The tradeoff has at least four important consequences. Three of these have received widespread attention, and I won’t delve into them here: ceding control to the cloud

  • can introduce very real security, privacy, and legal risks,
  • can undercut long-established mechanisms designed to produce effective user support at minimal cost, and
  • can restructure IT costs and funding mechanisms.

I want to focus here on the fourth consequence. Ceding control to the cloud necessarily entails a fundamental shift in the role of central and departmental IT organizations. This shift requires CIOs and IT staff to change their ways if they are to continue being effective – being Rippers, Kongs, or Turgidsons won’t work any more.

Most important, cloud-driven loss of campus control over the IT environment means that organizational and management models based on ownership, faith, authority, and hierarchy – however benevolent, inclusive, and open – will give way to models based on persuasion, negotiation, contracting, and assessment. It will become relatively less important for CIOs to be skilled at managing large organizations, and more important for them to know how to define, specify, and measure costs and results and to negotiate intramural agreements and extramural contracts consistently. Cost-effective use of cloud services also requires standardization, since nothing drives costs up and vendors away quite so quickly as idiosyncrasy. Migration to the cloud thus requires that CIOs understand emerging standards, especially for database schemas, security models, virtualization, system interfaces, and on and on. It requires that CIOs understand that strength lies in numbers – especially in campuses banding together to procure services rather than in departures from the norm, however innovative.
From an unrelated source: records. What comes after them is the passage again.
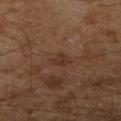  biopsy_status: not biopsied; imaged during a skin examination
  lesion_size:
    long_diameter_mm_approx: 2.5
  automated_metrics:
    area_mm2_approx: 3.5
    eccentricity: 0.7
    shape_asymmetry: 0.3
    vs_skin_darker_L: 6.0
    vs_skin_contrast_norm: 6.0
    color_variation_0_10: 2.0
    peripheral_color_asymmetry: 0.5
  image:
    source: total-body photography crop
    field_of_view_mm: 15
  patient:
    sex: male
    age_approx: 65
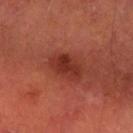workup: no biopsy performed (imaged during a skin exam); imaging modality: ~15 mm crop, total-body skin-cancer survey; site: the right forearm; subject: male, in their mid-60s.
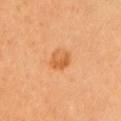* biopsy status · catalogued during a skin exam; not biopsied
* lighting · cross-polarized illumination
* subject · female, about 50 years old
* diameter · ~2.5 mm (longest diameter)
* image source · ~15 mm crop, total-body skin-cancer survey
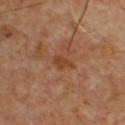Imaged during a routine full-body skin examination; the lesion was not biopsied and no histopathology is available. From the chest. The subject is a male about 50 years old. Captured under cross-polarized illumination. Cropped from a total-body skin-imaging series; the visible field is about 15 mm. An algorithmic analysis of the crop reported an area of roughly 3 mm², a shape eccentricity near 0.85, and two-axis asymmetry of about 0.3. It also reported a border-irregularity index near 3/10, internal color variation of about 1 on a 0–10 scale, and peripheral color asymmetry of about 0.5. It also reported an automated nevus-likeness rating near 0 out of 100 and a lesion-detection confidence of about 100/100.
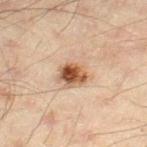Assessment:
Captured during whole-body skin photography for melanoma surveillance; the lesion was not biopsied.
Clinical summary:
Located on the leg. The patient is a male about 45 years old. The tile uses cross-polarized illumination. A close-up tile cropped from a whole-body skin photograph, about 15 mm across. The lesion-visualizer software estimated an area of roughly 11 mm². The analysis additionally found a lesion color around L≈51 a*≈17 b*≈29 in CIELAB, roughly 12 lightness units darker than nearby skin, and a lesion-to-skin contrast of about 8.5 (normalized; higher = more distinct). And it measured a border-irregularity rating of about 3/10.
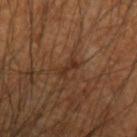<tbp_lesion>
  <biopsy_status>not biopsied; imaged during a skin examination</biopsy_status>
  <image>
    <source>total-body photography crop</source>
    <field_of_view_mm>15</field_of_view_mm>
  </image>
  <lesion_size>
    <long_diameter_mm_approx>2.5</long_diameter_mm_approx>
  </lesion_size>
  <site>arm</site>
  <lighting>cross-polarized</lighting>
  <patient>
    <sex>male</sex>
    <age_approx>60</age_approx>
  </patient>
  <automated_metrics>
    <cielab_L>30</cielab_L>
    <cielab_a>18</cielab_a>
    <cielab_b>27</cielab_b>
    <vs_skin_darker_L>7.0</vs_skin_darker_L>
    <vs_skin_contrast_norm>7.0</vs_skin_contrast_norm>
    <color_variation_0_10>0.0</color_variation_0_10>
    <peripheral_color_asymmetry>0.0</peripheral_color_asymmetry>
  </automated_metrics>
</tbp_lesion>
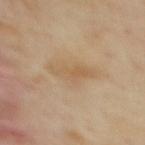follow-up: imaged on a skin check; not biopsied | subject: female, aged approximately 40 | site: the upper back | image source: ~15 mm tile from a whole-body skin photo.
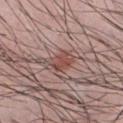| field | value |
|---|---|
| follow-up | total-body-photography surveillance lesion; no biopsy |
| lesion diameter | ~3.5 mm (longest diameter) |
| subject | male, about 30 years old |
| TBP lesion metrics | an average lesion color of about L≈48 a*≈22 b*≈24 (CIELAB), roughly 9 lightness units darker than nearby skin, and a lesion-to-skin contrast of about 7.5 (normalized; higher = more distinct); border irregularity of about 2.5 on a 0–10 scale, internal color variation of about 3 on a 0–10 scale, and peripheral color asymmetry of about 1; a nevus-likeness score of about 100/100 and a lesion-detection confidence of about 100/100 |
| body site | the chest |
| image source | total-body-photography crop, ~15 mm field of view |
| tile lighting | white-light |
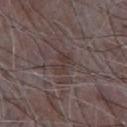This lesion was catalogued during total-body skin photography and was not selected for biopsy.
A male subject, aged approximately 65.
Automated tile analysis of the lesion measured a mean CIELAB color near L≈35 a*≈14 b*≈17, a lesion–skin lightness drop of about 6, and a normalized border contrast of about 6. The analysis additionally found a border-irregularity rating of about 4/10, a within-lesion color-variation index near 0/10, and peripheral color asymmetry of about 0.
This is a white-light tile.
Located on the front of the torso.
A roughly 15 mm field-of-view crop from a total-body skin photograph.
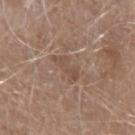Q: Is there a histopathology result?
A: total-body-photography surveillance lesion; no biopsy
Q: Lesion size?
A: about 3.5 mm
Q: Patient demographics?
A: male, roughly 75 years of age
Q: What lighting was used for the tile?
A: white-light
Q: What is the anatomic site?
A: the left forearm
Q: What is the imaging modality?
A: total-body-photography crop, ~15 mm field of view
Q: What did automated image analysis measure?
A: an area of roughly 5 mm², an outline eccentricity of about 0.9 (0 = round, 1 = elongated), and a shape-asymmetry score of about 0.45 (0 = symmetric); an average lesion color of about L≈49 a*≈17 b*≈26 (CIELAB), about 7 CIELAB-L* units darker than the surrounding skin, and a normalized border contrast of about 5; a detector confidence of about 80 out of 100 that the crop contains a lesion
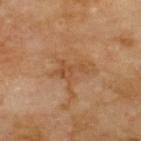<lesion>
  <site>back</site>
  <image>
    <source>total-body photography crop</source>
    <field_of_view_mm>15</field_of_view_mm>
  </image>
  <patient>
    <sex>male</sex>
    <age_approx>70</age_approx>
  </patient>
  <lesion_size>
    <long_diameter_mm_approx>3.5</long_diameter_mm_approx>
  </lesion_size>
</lesion>
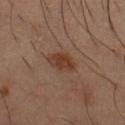Assessment: This lesion was catalogued during total-body skin photography and was not selected for biopsy. Acquisition and patient details: The subject is a male roughly 35 years of age. On the chest. A 15 mm close-up tile from a total-body photography series done for melanoma screening.
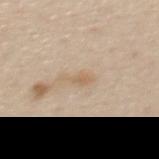No biopsy was performed on this lesion — it was imaged during a full skin examination and was not determined to be concerning. From the upper back. A female patient, approximately 45 years of age. Cropped from a total-body skin-imaging series; the visible field is about 15 mm. The lesion's longest dimension is about 3 mm.

Almost as important, much of what campuses now achieve through regulation they will need to achieve through persuasion – policy will give way to pedagogy as the dominant mechanism for guiding users and units. I serve on the operations advisory committee for a federal agency. To ensure data and program integrity, the agency’s IT organization wanted to revise policies to regulate staff use of personal computers and small mobile devices to do their work from home or while traveling. It became rapidly clear, as the advisory committee reacted to this, that although it was perfectly possible to write policies governing the use of personal and mobile devices, most of those policies would be ignored unless the agency mounted a major educational campaign. Then it became clear that if there were a major educational campaign, this would minimize the need for policy changes. This is the kind of transition we can imagine in higher education: we need to help users to do the right thing, not just tell them.

On occasion I’ve described my core management approaches as “bribery” and “conspiracy”. This meant that as CIO my job was was to make what was best for the university also be what was most appealing to individuals (that’s “bribery”), and that figuring out what was best for the university required discussion, collaboration, and agreement among a broad array of IT and non-IT campus leaders (“conspiracy”). As control gives way to the cloud for campus IT, these two approaches become equally relevant to vendor relations and inter-institutional joint action. We who provide information technology to higher education need to work together to ensure that as we lose control over IT resources we don’t also lose influence.